Home Depot, the largest Georgia-based company, has a commitment to respect for all people, said spokesman Stephen Holmes. “That is one of our core values and we reinforce that through ongoing training.”

Managers take a course on unconscious bias to raise their awareness, he said, and a different training program is done in the stores for front-line employees. “If you work for Home Depot, you are going to have periodic training.”

Chick-fil-A, Genuine Parts and Arby’s did not respond to AJC inquiries.

A reluctance to talk is not surprising, said Johnny C. Taylor, Jr., president and CEO of the Society for Human Resource Management, a 285,000-member group.

“What are they going to say? The problem is, none of us has an answer,” he said. “This is a really complicated issue, and we are not convinced at all that anyone has figured out what’s an effective intervention.”

Starbucks is taking “bold, courageous” action – which could easily backfire, he said. “You assume it can’t do any harm, but it can. What Starbucks is doing, with 100,000 employees, is not a small thing and if something goes wrong, it won’t be a small thing to fix.”

Of course, not doing anything is also risky, he said. “It’s about reputational risk. It’s about financial risk.”

Everyone has various kinds of bias, Taylor said. Programs can encourage employees to dredge up all sorts of issues, but there is a danger in that: “What happens if you have everybody in what is supposed to be a safe space and the manager says, ‘You know, I’ve never liked black people.’ As an employee in that shop, would you still be comfortable working there going forward?”

The company-operated and owned Starbucks stores in metro Atlanta will close about 2:30 Tuesday afternoon. Some licensed Starbucks, in grocery stores, airports, colleges and retailers, may remain open.

At heart, the most crucial question is behavior, he said. “If I’m a gay man and my boss treats me well, do I really want to know that he thinks I am immoral?”

Taylor said he will be watching what Starbucks does and how it plays out. “Nothing magical is going to happen Tuesday. And the real test is not Wednesday. It will be six months from now.”


THE STORY SO FAR

April 12 – Two black men waiting at a Starbucks in Philadelphia are arrested after a store manager calls police. The arrest leads to calls for a boycott of the global coffee chain and to conversations about implicit bias against people of color.

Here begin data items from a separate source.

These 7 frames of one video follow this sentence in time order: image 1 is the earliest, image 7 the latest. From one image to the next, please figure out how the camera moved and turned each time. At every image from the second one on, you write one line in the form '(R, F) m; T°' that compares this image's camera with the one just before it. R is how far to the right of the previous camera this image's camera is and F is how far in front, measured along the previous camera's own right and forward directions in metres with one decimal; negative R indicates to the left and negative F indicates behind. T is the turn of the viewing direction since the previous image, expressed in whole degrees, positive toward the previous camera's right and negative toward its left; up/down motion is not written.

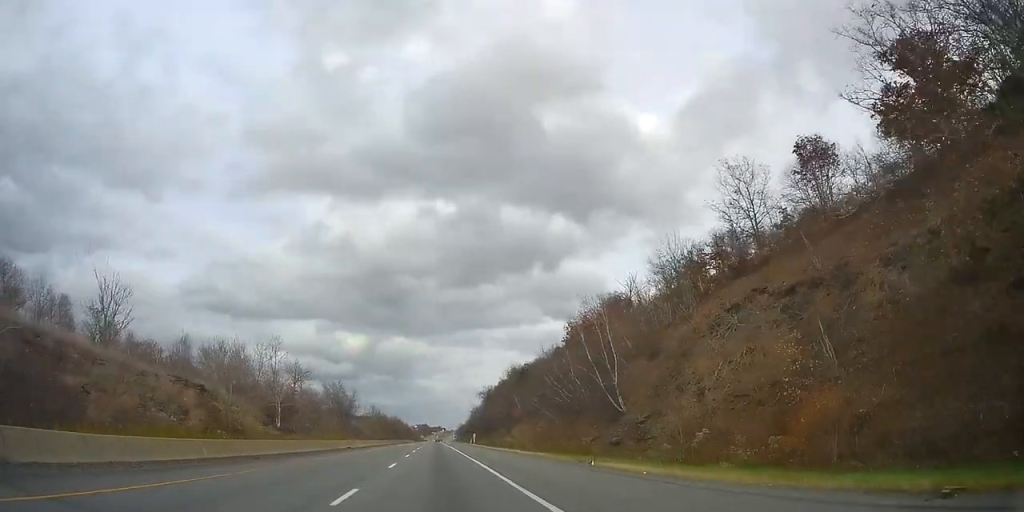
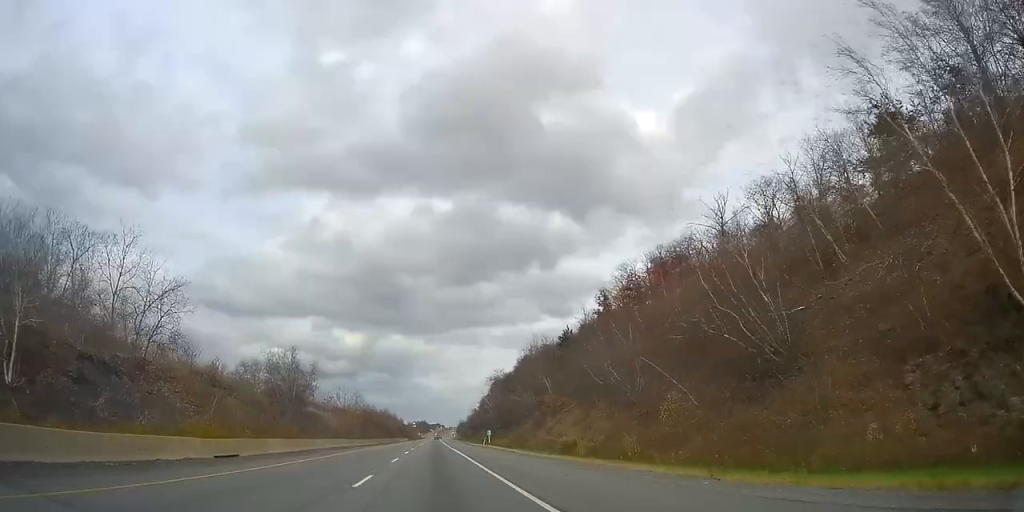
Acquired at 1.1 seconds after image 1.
(+0.3, +33.2) m; 0°
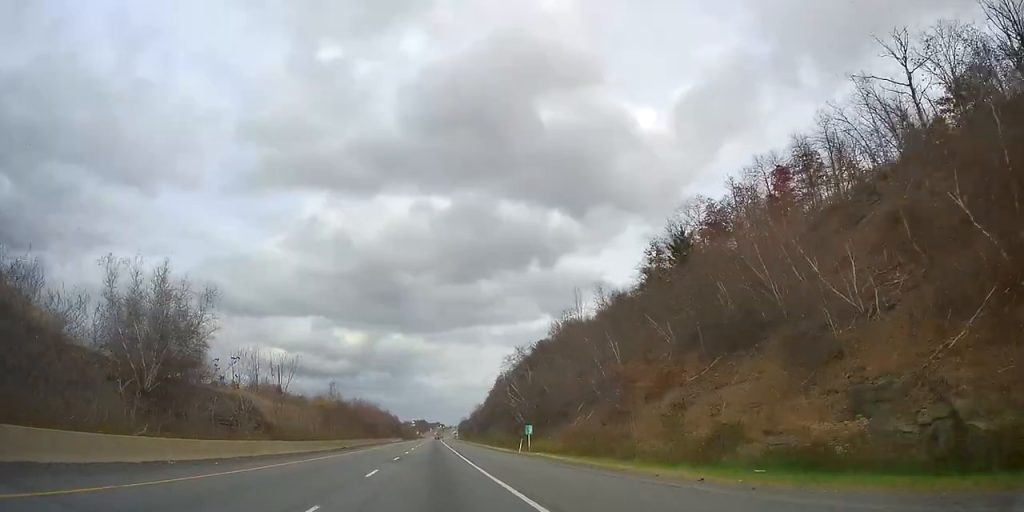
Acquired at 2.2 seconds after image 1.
(-0.3, +32.0) m; 0°
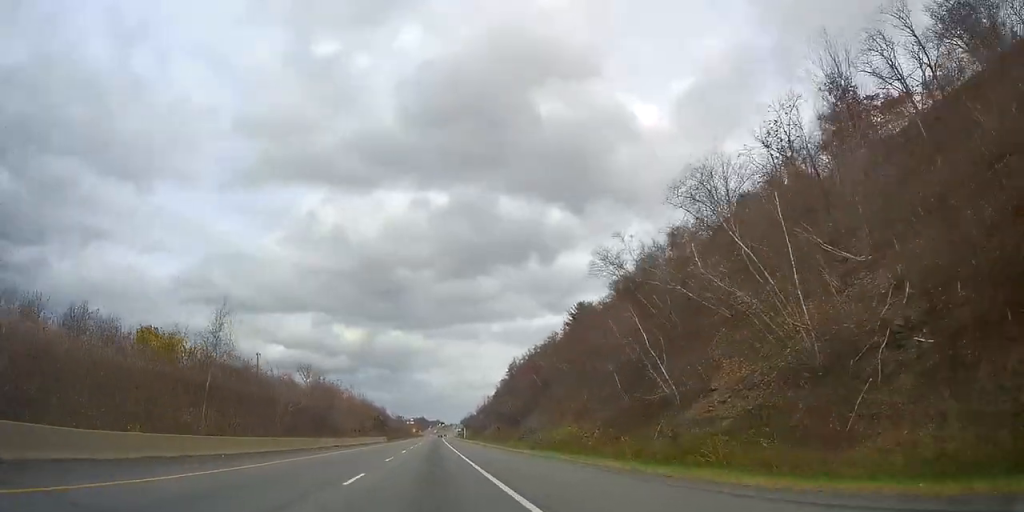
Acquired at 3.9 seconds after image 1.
(-0.5, +51.6) m; -1°
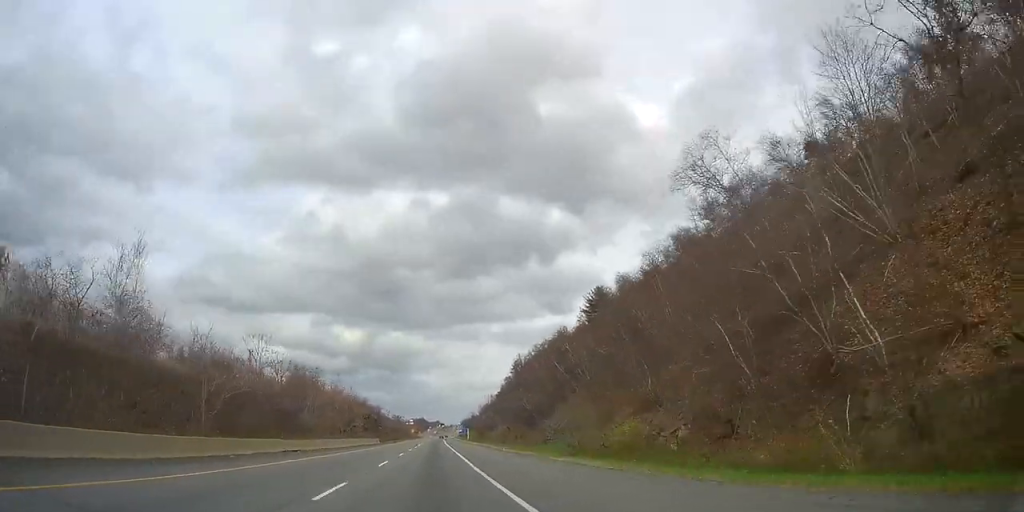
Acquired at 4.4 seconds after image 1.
(0.0, +15.4) m; 0°
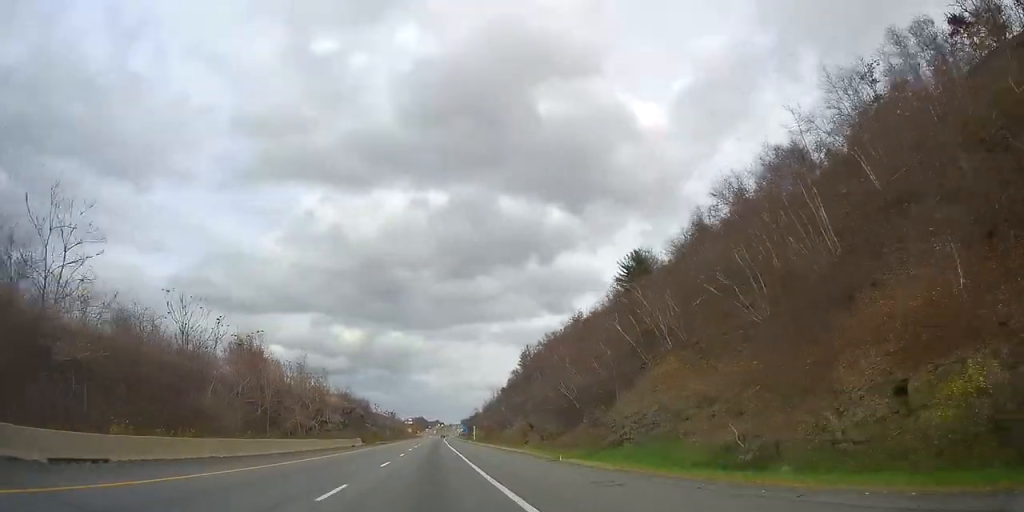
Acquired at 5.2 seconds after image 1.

April 17 – Starbucks CEO Kevin Johnson announces the chain will close its more than 8,000 U.S. locations the afternoon of May 29 to conduct racial-bias education for its 175,000 employees. The training is geared to prevent discrimination in its stores.

May 19 – Starbucks announces a new policy that allows anyone to use its spaces whether they make a purchase or not. Company executives say its previous policies were loose and ambiguous, leaving decisions on whether people could sit inside or use the restroom up to store managers. The company notes workers should still call the police if someone is a safety threat.

May 29 – Starbucks will shut down all of its U.S. locations in the afternoon to conduct racial bias training for 175,000 employees.